Ihenyen then made a case for a robust approach to IP system that is not masculine in nature to accommodate Nigeria and Africa’s creativity and innovation efforts. He said, “Town and gown (university) were too disconnected for innovation to happen and for such innovations to be integrated into industry. IP is an academic fad; it’s something practical. Everyone is part of IP system. We need to rebrand our innovations, be it basket weaving or crafts.”

Also, Executive Director, National Film and Video Censors Board (NFVCB), Alhaji Adedayo Thomas, charged women to take lead in innovation. He said women were on top in agriculture, oil and gas and entertainment industry, adding, I’m here to challenge women that you are not at the back; you are in front. It’s your right. Don’t beg the men for your right. Claim it; take it. For men, always try to support women. It has spiritual benefits.”

The awardees – Veno Marioghae-Mbanefo, Isoken Ibie and Okiemute Ighorodje commended the organisers, FCF, for recognising women in the creative sectors. The event provided opportunity for Marioghae-Mbanefo to break her music performance silence after 34-year hiatus. She found a moment to step on stage again and electrified it. Her first outing happened at the first coming of Muhammadu Buhari as military head of state in 1984. Now, it seemed, time has turned full circle and the ‘Nigeria Go Survive’ legend found her place on stage again and thrilled her audience to the allure of ‘Siobo no me,’ a song that canvases peace of mind from life’s many troubles. Indeed, it was a memorable outing for the Isoko-born lady, who was possibly making a comeback on home soil.
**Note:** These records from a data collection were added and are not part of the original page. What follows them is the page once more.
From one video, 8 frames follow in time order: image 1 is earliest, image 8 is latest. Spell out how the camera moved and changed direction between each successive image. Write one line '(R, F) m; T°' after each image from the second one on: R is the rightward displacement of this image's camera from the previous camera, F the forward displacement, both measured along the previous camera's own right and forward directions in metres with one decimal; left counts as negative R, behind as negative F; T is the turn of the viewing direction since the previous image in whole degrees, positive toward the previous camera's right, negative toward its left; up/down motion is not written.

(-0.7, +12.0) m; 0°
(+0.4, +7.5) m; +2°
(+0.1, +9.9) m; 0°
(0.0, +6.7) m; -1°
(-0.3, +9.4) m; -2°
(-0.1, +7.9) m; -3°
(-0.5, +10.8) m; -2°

It was a thrilling experience for everyone who experienced her stage presence, almost as if she never left!

“I’m excited to be here,” Okiemute, winner of Project Fame West Africa season 9, also an awardee, said. “We have certain fears that attack us, when we are pushing for our goals. We should always strive for our goals. That’s a greater purpose for our life. Never stop pushing your dreams.”

She sang late Keffe’s ‘Branama’ song in honour of the late singer, who inspired her craft.
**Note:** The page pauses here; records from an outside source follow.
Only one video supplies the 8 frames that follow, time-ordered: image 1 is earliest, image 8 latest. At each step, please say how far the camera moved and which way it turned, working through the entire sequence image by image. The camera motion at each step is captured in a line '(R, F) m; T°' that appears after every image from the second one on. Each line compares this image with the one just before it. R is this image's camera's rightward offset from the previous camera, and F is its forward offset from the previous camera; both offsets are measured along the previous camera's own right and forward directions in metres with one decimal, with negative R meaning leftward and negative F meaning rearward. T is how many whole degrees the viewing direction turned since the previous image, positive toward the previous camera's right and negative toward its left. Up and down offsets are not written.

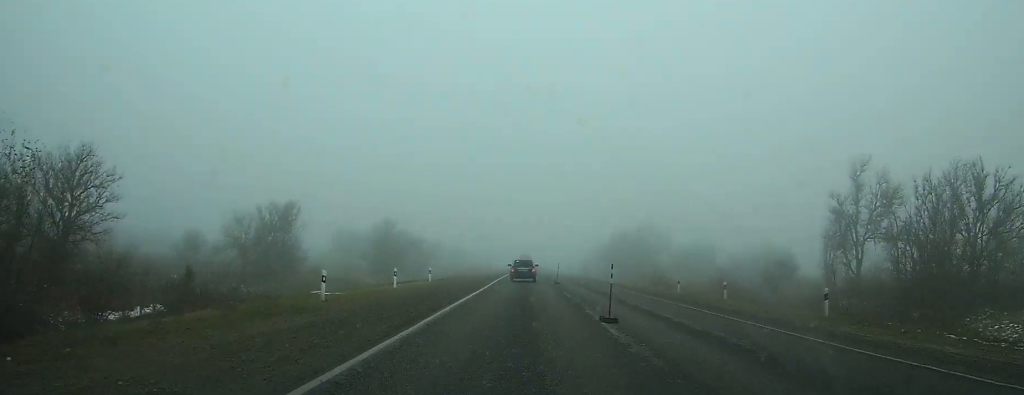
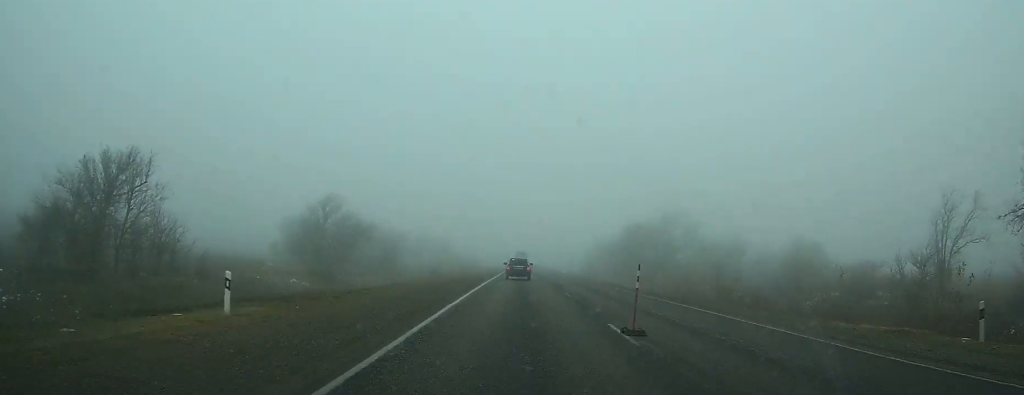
(+0.1, +26.2) m; 0°
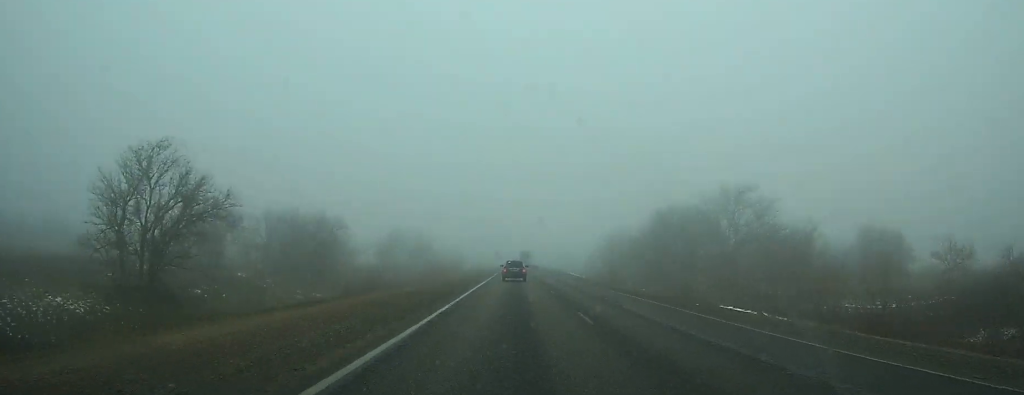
(+0.1, +33.4) m; 0°
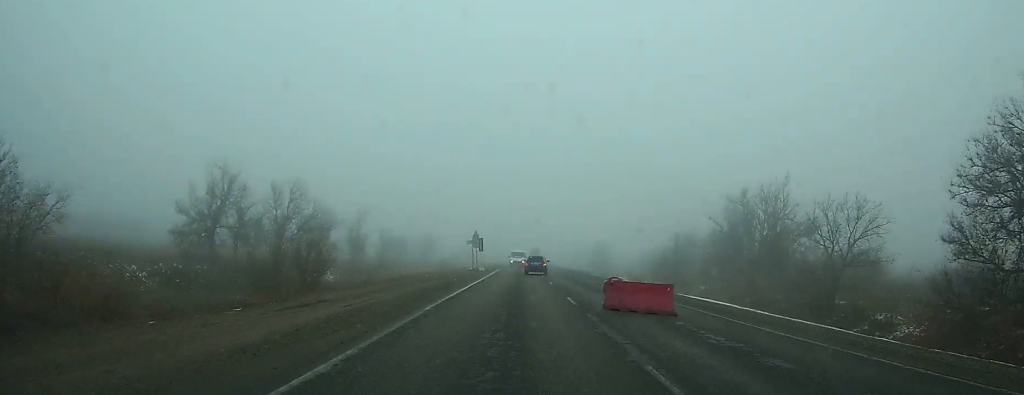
(+0.3, +80.5) m; +1°
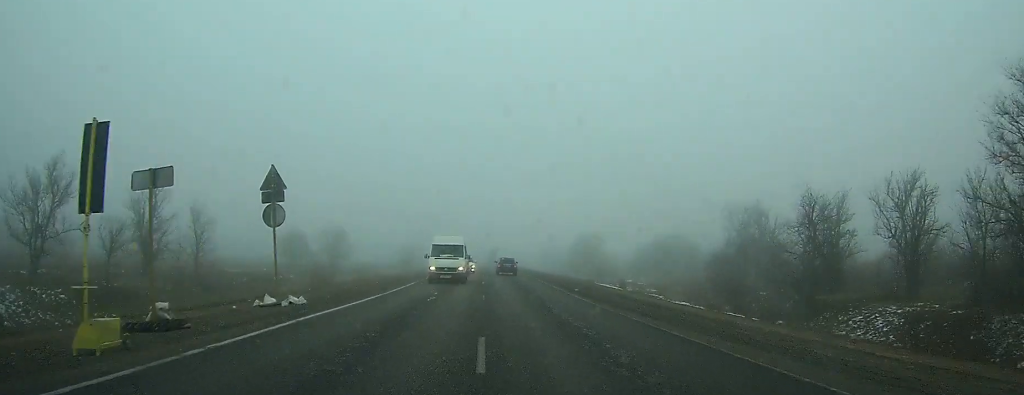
(+0.6, +44.2) m; +1°
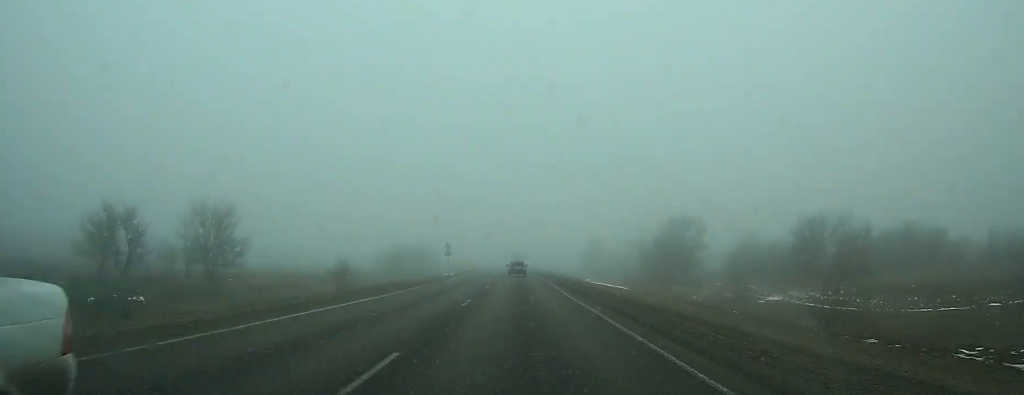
(-0.4, +50.8) m; -1°
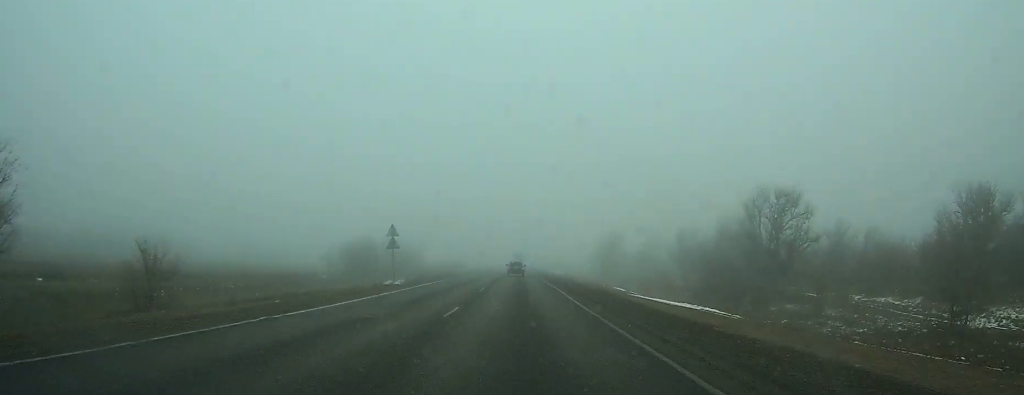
(-0.2, +29.1) m; 0°
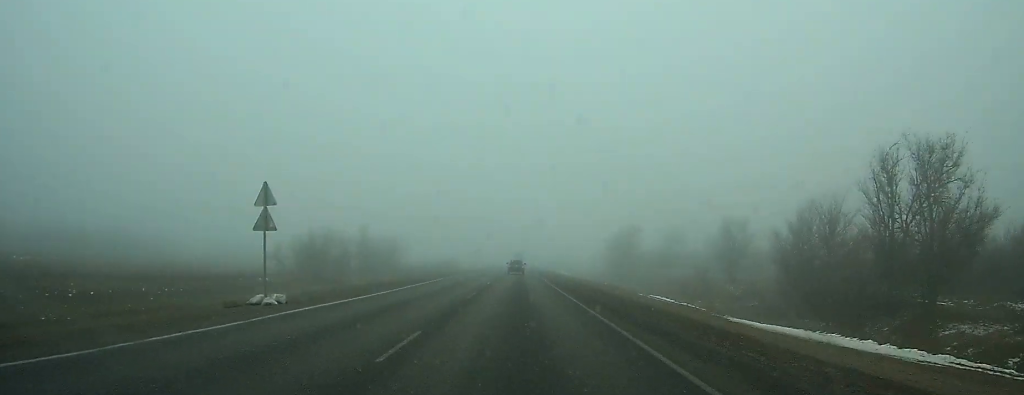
(-0.2, +19.2) m; 0°

Ibie simply said, “I believe in Nigeria and Nigerian youth. Nigerian youth are the ones making Nigeria proud at home and abroad. We know how enthusiastic, eager they are to work. I’m really happy to see fellow women come out honour their own; it’s something women don’t do often.”

Even more ecstatic for the audience was the choreographic performance of ‘Nawel,’ Ifowodo’s poem originally titled ‘Algiers, April 2000.’ It was in collaboration with Department of Theatre Arts, University of Benin, Benin City and it had as director, Prof. Chris Ugolo, and choreographer, Josephine Abbe, and students of the department.

Students of Department of English, College of Education, Mosogar, Delta State, also performed ‘Jesse,’ another of Ifowodo’s environmental poem. Also, Mr. Solomon Nzere Ife, who led a delegation of Intellectual Property Club of Obafemi Awolowo University, Ile-Ife, to the event, commended the organisers for the timeliness of creating awareness about IP, saying, “IP issues are very important, especially as they affect women.”

Other dignitaries present at the event were the Deputy Provost, College of Education, Mosogar, Mr. Johnson Erhinyodavwe, educationist and author, Mrs. Florence Ehilanye, Vice President, Isoko Development Union Women’s Wing, Mrs. Beatrice Igogo, representative of the Provost, Delta State University Campus, Oleh, Mr. P. Edenogbata, Peter Omoko and many others.